是自己太魯莽了?還是她後悔了?又或許是紅幫有急事?但就算是有天大的急事,也應該打聲招呼在走啊!為什麼要不辭而別呢?他思來想去怎麼也想不明白。

正在他胡思亂想的時候,浴室的門突然開了,花沖扭頭觀瞧,只見紅線拖著一疊嶄新的衣服走了進來,她來到花沖身邊道:「紅線伺候公子更衣。」

花沖一愣,隨口說道:「我沒說要更衣啊!我也沒有叫你啊!」

紅線也不看他,一本正經的說道:「公子每次沐浴都是以一個時辰為界,從沒有超過半分,每次都是紅線提醒公子更衣,我看一個時辰已經到了,所以就進來了。」

「哎!」

花沖長嘆一口氣,無奈的搖了搖頭,他此刻腦子裡想的全是厲紅綢,哪有心思更衣,他現在只想舒舒服服的多泡一會兒澡。

於是有些不耐煩的說道:「放這吧!我的小姑奶奶,一會兒我自己穿,你去外面候著吧!」

紅線不但沒聽他的,反而噘著嘴搖著頭說道:「昨天鬧了個一夜未歸,今天就不用人家伺候了,真不知道以後會不會被趕出家門呢!」

花沖聽了心中苦笑,他知道這小丫頭又在吃酸醋,不知道又要搞什麼花樣?於是安慰她道:「我是怕你累著了,讓你多休息會兒。」

「累著了?何止是累著了!昨個兒公子一夜未歸,我可是一夜都沒睡,心裡想著盼著,好不容易盼著回來了,本想著好好的伺候著,沒想到還是惹著生氣了,真不知道這一夜公子是怎麼過的?怕是那個幫主沒伺候好。
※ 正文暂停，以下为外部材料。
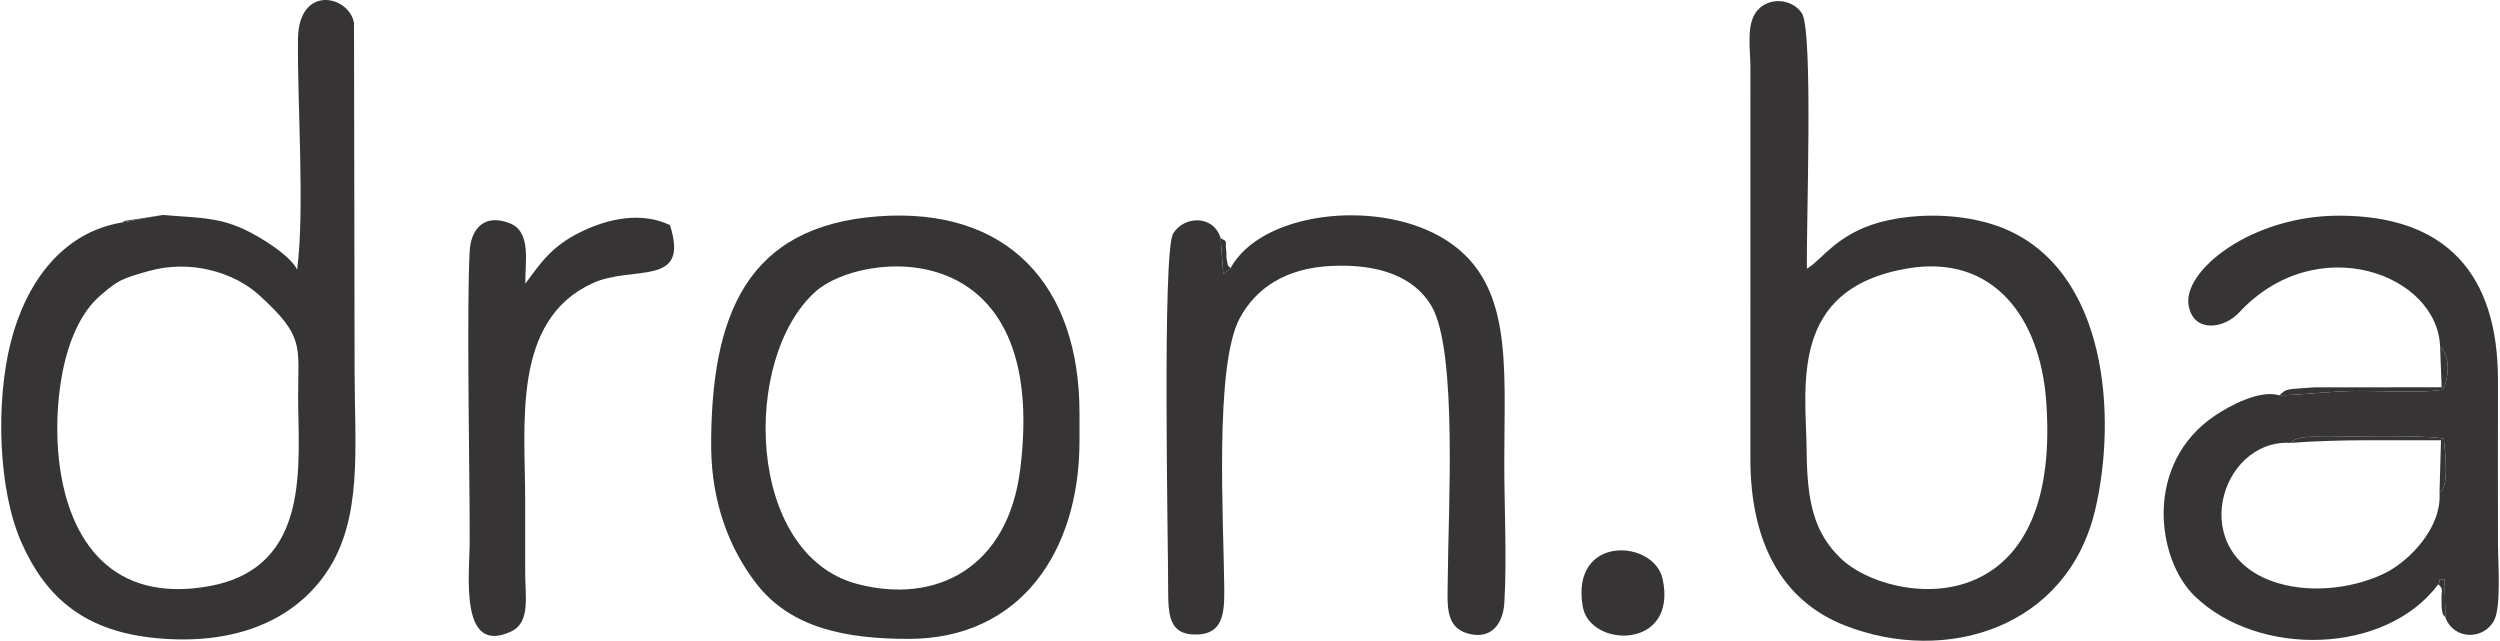 <svg xmlns="http://www.w3.org/2000/svg" xmlns:xlink="http://www.w3.org/1999/xlink" xmlns:xodm="http://www.corel.com/coreldraw/odm/2003" xml:space="preserve" width="2216px" height="568px" style="shape-rendering:geometricPrecision; text-rendering:geometricPrecision; image-rendering:optimizeQuality; fill-rule:evenodd; clip-rule:evenodd" viewBox="0 0 512.89 131.59"> <defs>  <style type="text/css">       .fil0 {fill:#373435}     </style> </defs> <g id="Layer_x0020_1">    <path class="fil0" d="M391.51 55.12c17.57,-2.96 27.25,10.07 28.46,27.5 3.25,46.39 -32.22,41.55 -42.13,32.12 -5.73,-5.44 -6.98,-11.99 -7.08,-21.99 -0.14,-13.26 -3.85,-33.49 20.75,-37.63l0 0zm-20.69 0.04c-0.2,-7.92 1.35,-48.8 -1.04,-52.43 -1.92,-2.95 -6.69,-3.49 -9.18,-0.55 -2.33,2.75 -1.39,7.88 -1.39,11.72l-0.01 80.31c0,17.3 6.57,29.22 19.42,34.24 20.7,8.11 45.58,0.57 51.36,-23.64 4.55,-19.13 2.58,-49.35 -18.96,-57.99 -6.74,-2.7 -15.68,-3.23 -23.32,-1.64 -10.41,2.17 -13.69,8.16 -16.88,9.99l0 -0.01z"></path>  <path class="fil0" d="M30.21 55.68c8.64,-2.47 17.61,0.25 22.72,4.89 9.4,8.52 8.05,10.45 8.04,20.61 0,14.01 2.91,35.35 -18.27,39.19 -19.79,3.58 -28.9,-9.13 -30.82,-25.75 -1.22,-10.51 0.34,-27 8.54,-33.99 3.62,-3.11 4.3,-3.39 9.79,-4.95l0 0zm3.02 -11.54l-8.39 1.54c-12.41,2.04 -19.85,12.53 -22.91,24.72 -3.09,12.28 -2.56,30.27 2.25,41.06 5.05,11.35 13.05,18.33 28.15,19.63 16.39,1.42 27.96,-4.1 34.36,-13.39 7.66,-11.13 5.88,-25.88 5.88,-41.59l-0.12 -71.38c-0.99,-5.7 -11.4,-8.01 -11.51,3.34 -0.14,13.38 1.42,35.04 -0.17,47.3 -1.38,-2.91 -7.65,-6.8 -10.98,-8.32 -5.71,-2.59 -9.79,-2.29 -16.56,-2.91z"></path>  <path class="fil0" d="M470.11 90.95c1.64,-1.7 5.48,-1.19 7.85,-1.23 5.14,-0.11 20.2,-0.39 23.63,0.36 0.26,2.46 1.19,10.1 -0.87,11.06 0.5,7.33 -6.3,14.05 -10.95,16.42 -5.8,2.97 -14.59,4.44 -22.17,2.2 -19.23,-5.68 -12.02,-29.66 2.51,-28.81l0 0zm30.73 -19.68c2.19,1.84 1.81,6.35 0.57,8.76 -4.22,0.71 -12.28,0.25 -16.94,0.25 -6.05,0 -11.09,0.78 -16.65,0.9 -4.04,-1.22 -10.28,2.19 -13.18,4.14 -14.66,9.84 -12.11,29.45 -4.18,37.11 13.07,12.63 39.19,12.06 50,-2.44 0.94,-1.18 -1.05,-1.17 1.29,-0.96l0.18 7.77c1.69,4.64 7.84,4.67 9.99,0.62 1.51,-2.83 0.8,-12.01 0.8,-15.86 0,-11.1 -0.03,-22.18 0,-33.28 0.07,-22 -10.64,-33.98 -32.6,-33.99 -18.07,-0.03 -32.31,11.38 -30.91,18.55 1.09,5.6 7.27,4.66 10.33,1.36 15.93,-17.19 40.84,-7.92 41.3,7.07l0 0z"></path>  <path class="fil0" d="M209.26 96.37c-2.55,20.32 -17.3,27.78 -33.44,23.56 -22.95,-6.02 -23.87,-46.45 -8.56,-60.08 9.39,-8.37 48.14,-12.47 42,36.52l0 0zm-63.47 -4.34c0.15,11.38 3.79,20.68 9.23,27.75 7.17,9.32 18.66,11.42 31.39,11.42 22.91,-0.03 35.02,-18 35.02,-40.61l0 -5.79c0,-26.13 -14.65,-42.38 -41.42,-40.37 -26.83,2.02 -34.34,20.11 -34.22,47.6z"></path>  <path class="fil0" d="M252.44 55.08l-1.48 1.25 -0.54 -7.39c-1.38,-4.79 -7.45,-4.71 -9.75,-1 -2.28,3.72 -1.01,64.3 -1.03,73.03 0,5.39 0.17,9.57 6.07,9.33 5.24,-0.22 5.49,-4.53 5.45,-9.33 -0.09,-13.53 -2.12,-46 3.24,-55.74 3.29,-6.02 9.34,-10.2 18.82,-10.62 9.66,-0.45 16.95,2.19 20.5,8.24 5.4,9.26 3.4,42.34 3.34,55.94 -0.03,5.04 -0.71,9.92 4.06,11.29 4.88,1.39 7.29,-2.01 7.55,-6.22 0.55,-8.87 -0.01,-19.83 -0.01,-28.93 0,-20.49 1.99,-37.69 -13.06,-46.29 -13.73,-7.84 -36.95,-5 -43.16,6.44l0 0z"></path>  <path class="fil0" d="M107.63 58.26c-0.08,-4.39 1.31,-10.63 -3.19,-12.41 -5.3,-2.09 -7.98,1.25 -8.23,5.65 -0.66,11.72 0,45.12 0,59.34 0,6.95 -2.25,23.76 8.42,18.88 4.11,-1.87 2.97,-7.13 2.97,-12.37 -0.01,-4.83 0,-9.64 0,-14.47 0,-15.97 -2.75,-37.06 13.81,-44.71 8.31,-3.83 20.07,0.98 15.92,-11.94 -5.8,-2.78 -12.65,-1.4 -18.38,1.44 -5.81,2.89 -7.89,5.92 -11.32,10.59z"></path>  <path class="fil0" d="M324.78 124.58c1.47,8.51 19.52,8.93 16.41,-5.66 -1.75,-8.19 -18.99,-9.2 -16.41,5.66z"></path>  <path class="fil0" d="M467.82 81.18c5.56,-0.12 10.6,-0.9 16.65,-0.9 4.66,0 12.72,0.46 16.94,-0.25 1.24,-2.41 1.62,-6.92 -0.57,-8.76l0.32 8.26 -26.1 0.01c-6.42,0.45 -5.61,0.28 -7.24,1.64l0 0z"></path>  <path class="fil0" d="M500.72 101.14c2.06,-0.96 1.13,-8.6 0.87,-11.06 -3.43,-0.75 -18.49,-0.47 -23.63,-0.36 -2.37,0.04 -6.21,-0.47 -7.85,1.23 10.06,-0.78 20.63,-0.48 30.91,-0.54l-0.3 10.73z"></path>  <path class="fil0" d="M252.44 55.08c-0.68,-0.93 -0.36,0.16 -0.72,-1.48 -0.2,-0.79 -0.05,-1.36 -0.15,-2.1 -0.33,-2.03 0.5,-1.81 -1.15,-2.56l0.55 7.39 1.47 -1.25 0 0z"></path>  <path class="fil0" d="M501.93 126.8l-0.18 -7.77c-2.34,-0.21 -0.35,-0.22 -1.29,0.95 1.22,1.14 0.57,1.17 0.67,3.13 0.05,0.78 -0.03,1.38 0.09,2.15 0.22,1.32 0.3,0.89 0.71,1.54l0 0z"></path>  <path class="fil0" d="M24.84 45.68l8.39 -1.54 -7.85 1.22c-0.13,0.07 -0.37,0.21 -0.54,0.32z"></path> </g></svg>

」

花沖聽得是又好氣又好笑,見她扯上了厲紅綢急忙解釋道:「我跟厲幫主沒什麼,別在背後說人家的閑話。」

紅線一撇嘴道:「還沒什麼呢!這麼早就護上了,看來以後我這差事算是有人頂了。」

花沖被她說的無言以對,心中叫苦不迭,都怪自己平時太寵愛她了,今天算是後悔了,正在這時候,門外突然傳來一陣笑聲,原來是文墨和武德在外面偷聽,見紅線把花沖問的啞口無言,二人不禁笑出了聲。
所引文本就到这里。